Chetrit Group pays $19.3M to Peter Kulka for 359-unit dev site, air rights in Jamaica
147-27 Archer Avenue (Credit - Google)
The Chetrit Group through the entity Archer 147 Development LLC paid $19.3 million to Peter Kulka for a development site composed of three industrial parcels at 147-27 Archer Avenue in Jamaica, Queens, and air rights transferred from the Kulka-owned property at 147-28 Jamaica Avenue. Chetrit paid $10.3 million for the three parcels and $9 million for the air rights.
The deals closed on May 18, 2022 and was recorded on June 7, 2022. The three properties have 3,400 square feet of built space and 171,187 square feet of additional air rights for a total buildable of 174,636 square feet according to PincusCo analysis of city data. The sale price per built square foot is $3,037 and the price per buildable square foot is $59 per the PincusCo analysis. (The price per square foot analysis is the transaction price divided by square feet as reported in public records and assumes no air rights have been sold.)
The signatory for Peter Kulka was Peter Kulka and David Rosenblum. The signatory for Chetrit Group was Joseph Chetrit. The Chetrit Group previously filed plans for a building on this lot.
Because multiple properties have been transacted, some of the following sections will follow the property with the largest assessed value, which in this case, is the property on 92-11 147th Place.
Prior sales and revenue
Prior to this transaction, PincusCo has records that the buyer Chetrit Group purchased two properties in two transactions for a total of $92.9 million and sold two properties in one transactions for a total of $43.2 million over the past 24 months.

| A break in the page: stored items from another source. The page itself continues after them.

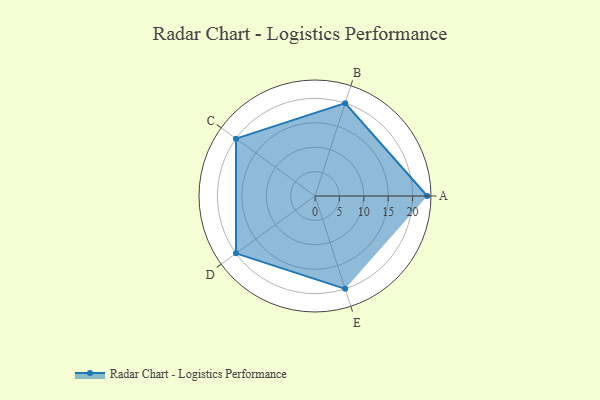
{"axis": {"x": "Skill", "y": "Score"}, "legend": ["Profile"], "data": [{"x": "A", "y": 23.0, "type": "Profile"}, {"x": "B", "y": 20, "type": "Profile"}, {"x": "C", "y": 20, "type": "Profile"}, {"x": "D", "y": 20, "type": "Profile"}, {"x": "E", "y": 20, "type": "Profile"}]}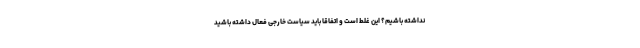
نداشته باشیم؟ این غلط است و اتفاقا باید سیاست خارجی فعال داشته باشید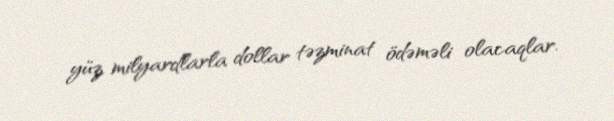
yüz milyardlarla dollar təzminat ödəməli olacaqlar.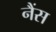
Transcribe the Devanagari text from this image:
नैंस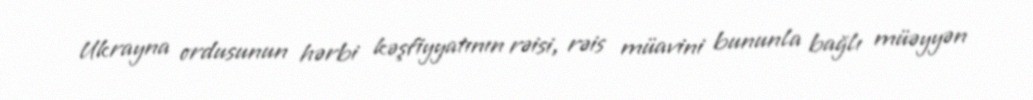
Ukrayna ordusunun hərbi kəşfiyyatının rəisi, rəis müavini bununla bağlı müəyyən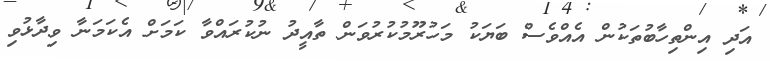
އަދި އިންތިހާބުތަކުން އެއްވެސް ބަޔަކު މަހުރޫމުކުރުވަން ތާއީދު ނުކުރައްވާ ކަމަށް އެކަމަނާ ވިދާޅުވި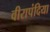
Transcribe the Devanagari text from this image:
वीरापंदिया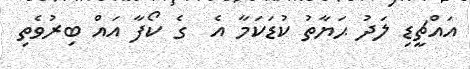
އައްޗީޑި ލަދު ޙަޔާތު ކުޑަކަމާ އެ  ގެ ކޯފާ އައް ބިރުވެތި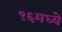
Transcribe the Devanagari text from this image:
९६मध्ये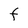
Character: F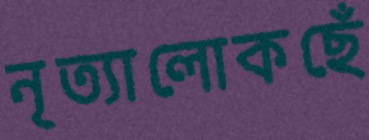
নৃত্যালোকছেঁ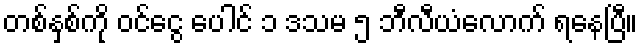
တစ်နှစ်ကို ဝင်ငွေ ပေါင် ၁ ဒသမ ၅ ဘီလီယံလောက် ရနေပြီ။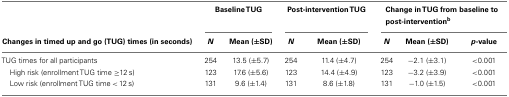
<table><thead><tr><td>[EMPTY_CELL]</td><td colspan="2"><b>Baseline TUG</b></td><td colspan="2"><b>Post-intervention TUG</b></td><td colspan="3"><b>Change in TUG from baseline to post-intervention<sup>b</sup></b></td></tr><tr><td><b>Changes in timed up and go (TUG) times (in seconds)</b></td><td><b><i>N</i></b></td><td><b>Mean (±SD)</b></td><td><b><i>N</i></b></td><td><b>Mean (±SD)</b></td><td><b><i>N</i></b></td><td><b>Mean (±SD)</b></td><td><b><i>p</i>-value</b></td></tr></thead><tbody><tr><td>TUG times for all participants</td><td>254</td><td>13.5 (±5.7)</td><td>254</td><td>11.4 (±4.7)</td><td>254</td><td>−2.1 (±3.1)</td><td>&lt;0.001</td></tr><tr><td> High risk (enrollment TUG time ≥12 s)</td><td>123</td><td>17.6 (±5.6)</td><td>123</td><td>14.4 (±4.9)</td><td>123</td><td>−3.2 (±3.9)</td><td>&lt;0.001</td></tr><tr><td> Low risk (enrollment TUG time &lt; 12 s)</td><td>131</td><td>9.6 (±1.4)</td><td>131</td><td>8.6 (±1.8)</td><td>131</td><td>−1.0 (±1.5)</td><td>&lt;0.001</td></tr></tbody></table>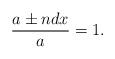
LaTeX: \begin{align*}\frac{a \pm ndx}{a} = 1.\end{align*}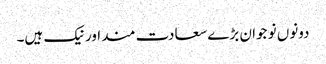
دونوں نو جوان بڑے سعادت مند اور نیک ہیں۔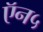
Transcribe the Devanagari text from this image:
ऍन५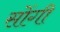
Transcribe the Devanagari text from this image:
सोंगी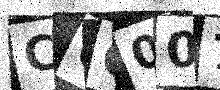
Text: COG007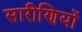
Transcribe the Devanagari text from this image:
सारीणियों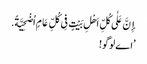
إِنَّ عَلٰی کُلِّ اَهْلِ بَیْتٍ فِی کُلِّ عَامٍ اُضْحِیَّةً.
’اے لوگو!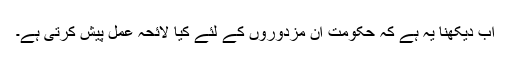
اب دیکھنا یہ ہے کہ حکومت ان مزدوروں کے لئے کیا لائحہ عمل پیش کرتی ہے۔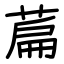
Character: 萹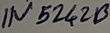
Text: IN5242B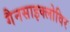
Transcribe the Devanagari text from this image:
गैनसाइक्लोविर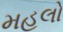
મહલો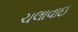
ચલાવાઇ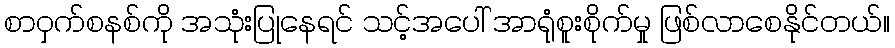
စာဝှက်စနစ်ကို အသုံးပြုနေရင် သင့်အပေါ် အာရုံစူးစိုက်မှု ဖြစ်လာစေနိုင်တယ်။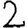
Digit: 2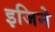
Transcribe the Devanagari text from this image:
इजिने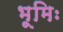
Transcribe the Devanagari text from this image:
भूमिः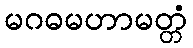
မဂဓမဟာမတ္တံ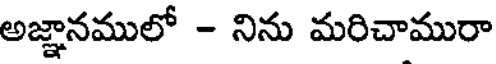
అజ్ఞానములో - నిను మరిచామురా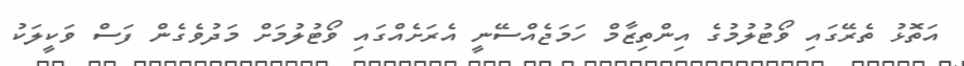
އަތޮޅު ތެރޭގައި ވޯޓުލުމުގެ އިންތިޒާމް ހަމަޖެއްސޭނީ އެރަށެއްގައި ވޯޓުލުމަށް މަދުވެގެން ފަސް ވަކީލަކު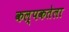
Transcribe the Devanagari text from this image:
कल्पकतेला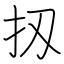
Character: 扨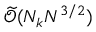
\widetilde { \mathcal { O } } ( N _ { k } N ^ { 3 / 2 } )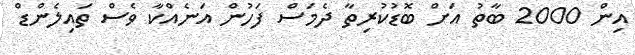
އިން 2000 ބާތު އަށް ބޮޑުކުރިތާ ދެމަސް ފަހުން އަނެއްކާ ވެސް ތައިލެންޑް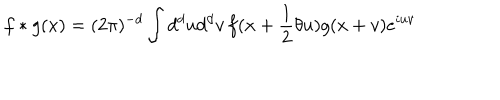
LaTeX: f \ast g ( x ) = ( 2 \pi ) ^ { - d } \int d ^ { d } u d ^ { d } v \, f ( x + \frac { 1 } { 2 } \theta u ) g ( x + v ) e ^ { i u v }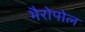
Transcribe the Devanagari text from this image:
भैरोपोल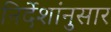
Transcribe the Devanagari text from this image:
निर्देशांनुसार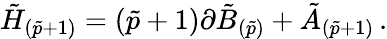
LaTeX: \tilde{H}_{(\tilde{p}+1)}=(\tilde{p}+1)\partial\tilde{B}_{(\tilde{p})}+\tilde{A}_{(\tilde{p}+1)}\, .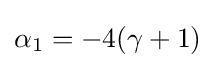
\alpha _{1}=-4(\gamma +1)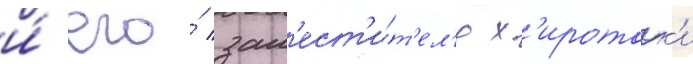
и́ его́ зам'ест'и́т'ел'я х'иротак'и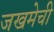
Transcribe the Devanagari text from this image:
जखमेची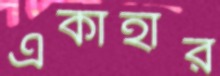
একাহার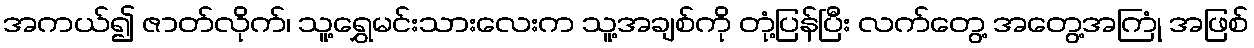
အကယ်၍ ဇာတ်လိုက်၊ သူ့ရွှေမင်းသားလေးက သူ့အချစ်ကို တုံ့ပြန်ပြီး လက်တွေ့ အတွေ့အကြုံ အဖြစ်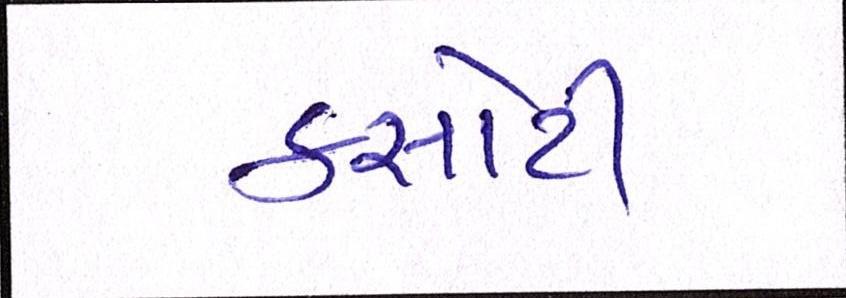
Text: કસોટી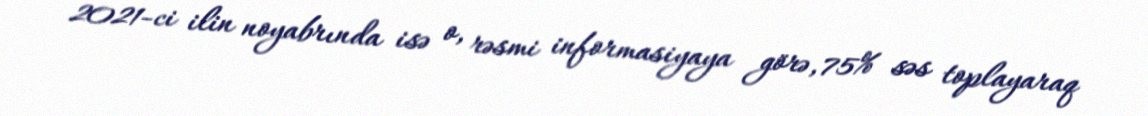
2021-ci ilin noyabrında isə o, rəsmi informasiyaya görə, 75% səs toplayaraq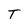
Character: T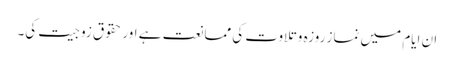
ان ایام میں نماز روزہ وتلاوت کی ممانعت ہے اور حقوق زوجیت کی۔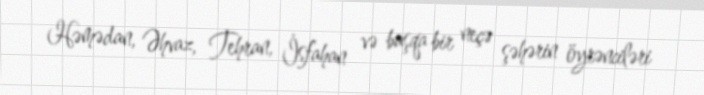
Həmədan, Əhvaz, Tehran, İsfahan və başqa bir neçə şəhərin öyrənciləri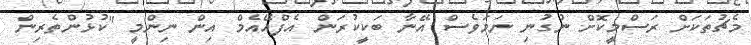
މެޗުތަކަށް ރަސްމީކޮށް ނުގުނި ނަމަވެސް އޭނާ ބަކީކުރަން އެފްއޭއެމް އިން ނިންމީ "ކުުޅުންތެރިން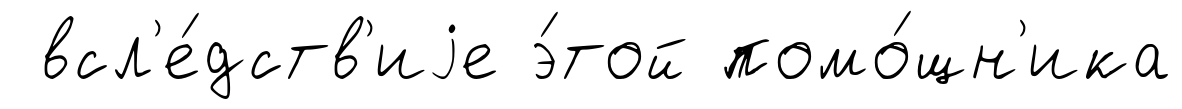
всл'е́дств'иjе э́той помо́щн'ика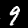
Digit: 9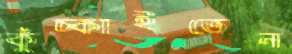
কুঁচ্‌কাইতেন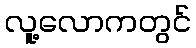
လူ့လောကတွင်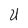
Character: U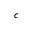
^ c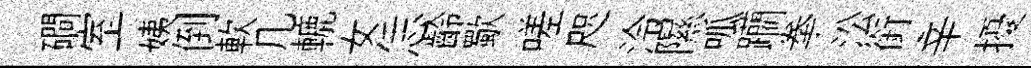
磵室姨倒軟几轆女恁齡歜嗟咫泠隰呱躪拳㳂銜辛擾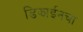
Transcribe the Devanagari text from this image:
डिझाईनचा
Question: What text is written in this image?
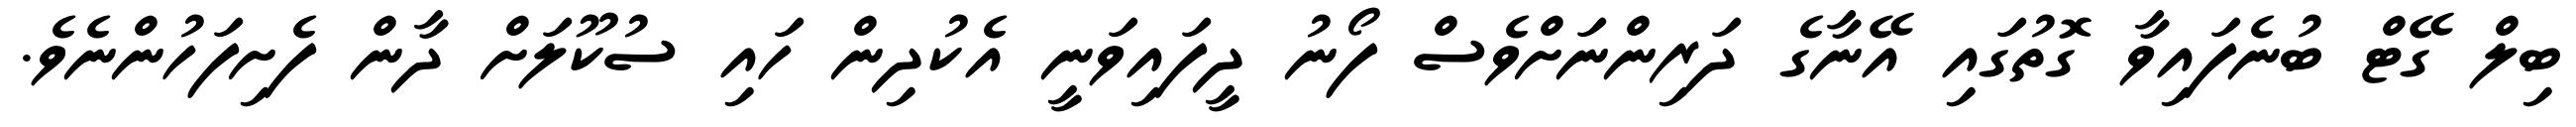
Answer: ބިލް ގޭޓް ބުނެފައިވާ ގޮތުގައި އޭނާގެ ދަރިންނަށްވެސް ފޯނު ދީފައިވަނީ އެކުދިން ހައި ސުކޫލަށް ދާން ފެށިފަހުންނެވެ.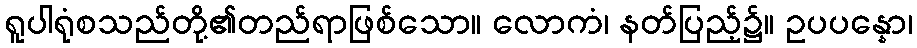
ရူပါရုံစသည်တို့၏တည်ရာဖြစ်သော။ လောကံ၊ နတ်ပြည့်၌။ ဥပပန္နော၊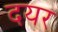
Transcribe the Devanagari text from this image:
दयर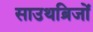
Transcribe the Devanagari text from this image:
साउथब्रिजों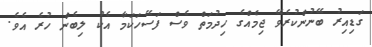
ގަޑިއިރު ބޭނުންކުރެވޭ ޖިމެއްގެ ހިދުމަތް ވެސް ފަސޭހަކަމާ އެކު ލިބެން ހުރެ އެވެ.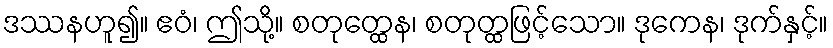
ဒဿနဟူ၍။ ဧဝံ၊ ဤသို့။ စတုတ္ထေန၊ စတုတ္ထဖြင့်သော။ ဒုကေန၊ ဒုက်နှင့်။

The seller Peter Kulka had not purchased any other properties and had not sold any properties over the same time period.
The property
The 92-11 147th Place parcel has frontage of 80 feet and is 138 feet deep with a total lot size of 10,640 square feet. The zoning is C6-3 which allows for up to 6 times floor area ratio (FAR) for commercial and up to 7.52 times FAR for residential with inclusionary housing. The city-designated market value for the property in 2022 is $243,000.
Violations and lawsuits
There were no lawsuits or bankruptcies filed against the properties since September of 2020. In addition, according to city public data, the properties have not received any significant violations in the last year.
Development
On these lots, there is one active new building construction project for a 359-unit, 306,454-square-foot R-2 building. The project was developed by the Chetrit Group with plans filed February 17, 2022 and it has not been permitted yet.
The neighborhood
In Jamaica, the bulk, or 33 percent of the 46.7 million square feet of commercial built space are 1-4 family buildings, with residential elevator buildings next occupying 20 percent of the space. In sales, Jamaica has had very little sales volume relative to other neighborhoods with $164 million in sales volume in the last two years. For development, Jamaica has 3.7 times the average amount of major developments relative to other neighborhoods and is the 3rd highest in Queens. It had 3.3 million square feet of commercial and multi-family construction under development in the last two years, which represents 7 percent of the neighborhood’s built space. There was one pre-foreclosure suit filed among other industrial buildings in the past 12 months.
The block
There is one active new building construction project totaling 306,454 square feet. It is a 359-unit, 306,454-square-foot R-2 building developed by Meyer Chetrit with plans filed February 17, 2022 and it has not been permitted yet.
The majority, or 88 percent of the 28,000 square feet of built space are mixed-use buildings, with industrial buildings next occupying 12 percent of the space.
The buyer
The PincusCo database currently indicates that Chetrit Group owned at least 27 commercial properties with 3,624,908 square feet and a city-determined market value of $674.1 million. (Market value is typically about 50% of actual value.) The portfolio has $1.6 billion in debt, with top three lenders as Starwood Mortgage Capital, Bank of Montreal, and Starwood Capital Group respectively. Within the portfolio, the bulk, or 34 percent of the 3,624,908 square feet of built space are office properties, with elevator properties next occupying 27 percent of the space. The bulk, or 60 percent of the built space, is in Manhattan, with Queens next at 33 percent of the space.
Surrounding
Within a 400-foot radius of 92-11 147th Place, Pincusco identified five commercial real estate items of interests occurred over the past 24 months.
Of those five items, four were loans above $5 million totaling $75.3 million. The most recent of the four was Robin Eshaghpour which borrowed $6.5 million from Dime Community Bank secured by the 5,080-square-foot, one-unit mixed-use building (K2) on 90-69 Sutphin Boulevard and two other properties on April 25, 2022.